Baby Lillyan did wonderful. She was so strong and needed limited intervention besides what was normal. She progressed so well. Eventually, 5 1/2 weeks later, she came home. That was the best day of my life. I was elated. Also, pretty terrified. We’ve been home for 6 days now. I had my postpartum appointment a couple days ago and found out that I’m struggling with some PTSD. I’ve had nightmares about horrible things happening to my kids and me being unable to protect them. Certain things trigger me, and I will burst into tears. It’s so strange.

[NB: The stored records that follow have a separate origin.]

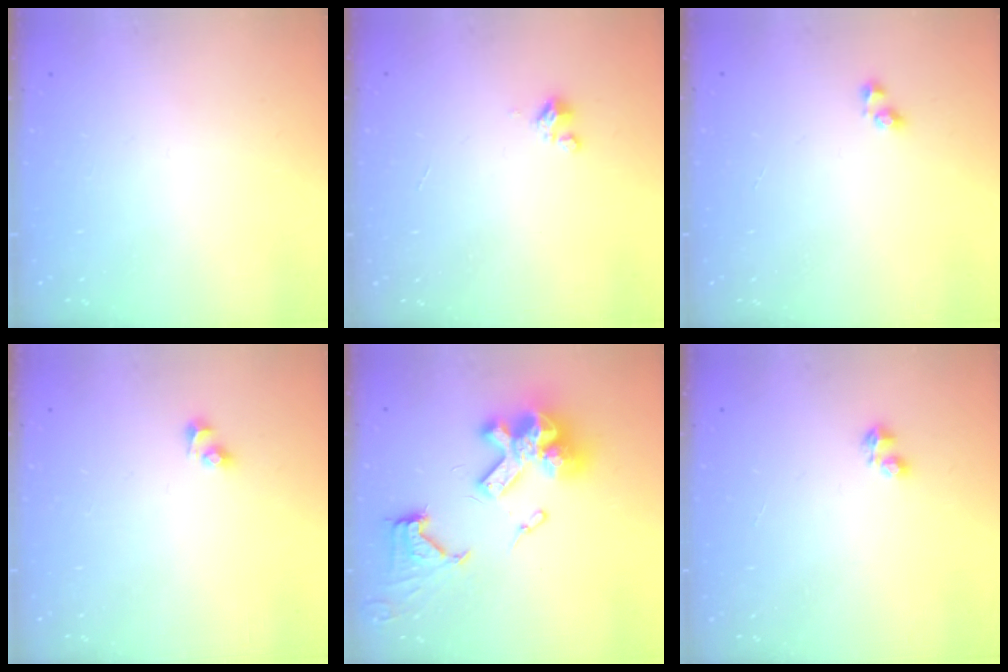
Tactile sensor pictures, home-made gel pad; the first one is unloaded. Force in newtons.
{"total": 0.9, "press": 0.9, "slide": 0.2}
{"total": 2.2, "press": 1.9, "slide": 1.1}
{"total": 2.7, "press": 2.5, "slide": 1.2}
{"total": 20.4, "press": 20.3, "slide": 2.1}
{"total": 2.4, "press": 2.3, "slide": 0.6}
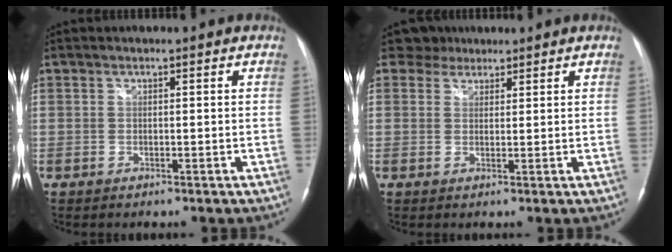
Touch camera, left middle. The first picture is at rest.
{"total": 3.0, "force": [2.4, 1.8, -0.3], "torque": [0.006, 0.010, 0.038]}
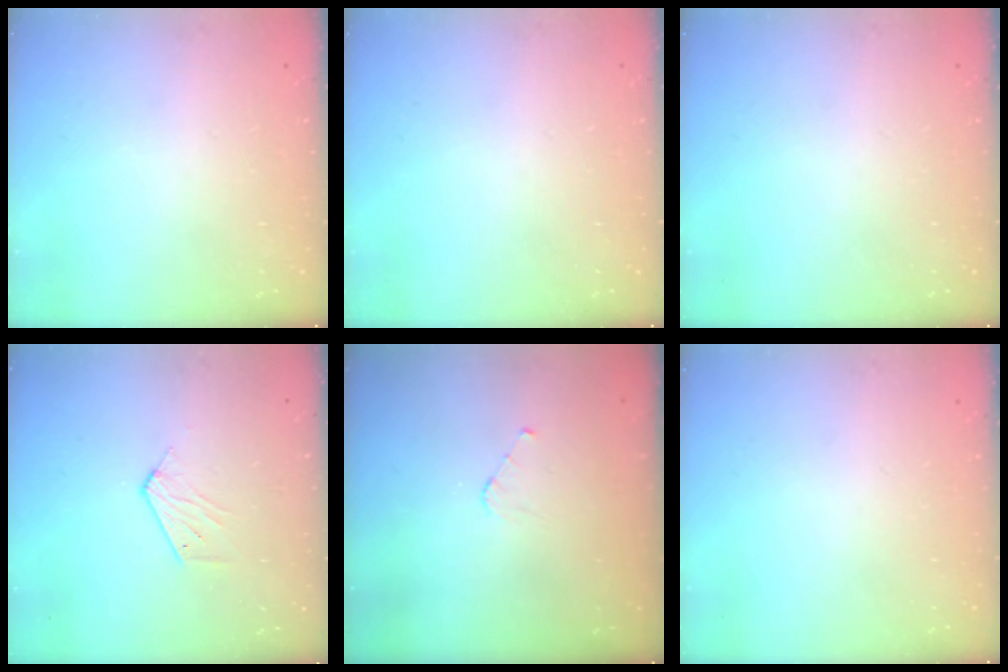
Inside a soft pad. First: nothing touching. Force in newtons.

I thought PTSD was for people who went through horrible things like rape, molestation, beatings, veterans that saw war, etc. I felt like what I was feeling and going through wasn’t valid. Like this was so minuscule compared to what others went through. Then my Nurse Practitioner informed me that what I went through WAS traumatic. And that everyone experiences things differently. What might be traumatic for one person, may not me traumatic for another. It made perfect sense and felt so good to acknowledge my feelings and have them validated. Everyone tells me how strong I was, but I didn’t feel strong in the midst of it. Do I feel strong now? Absolutely. My daughter is even stronger. She’s my hero. I will tell her our story someday. I hope she knows how much I wanted to stay pregnant. I hope she knows how hard I fought. Most of all, I hope she knows how much I love her and how incredibly special she is.”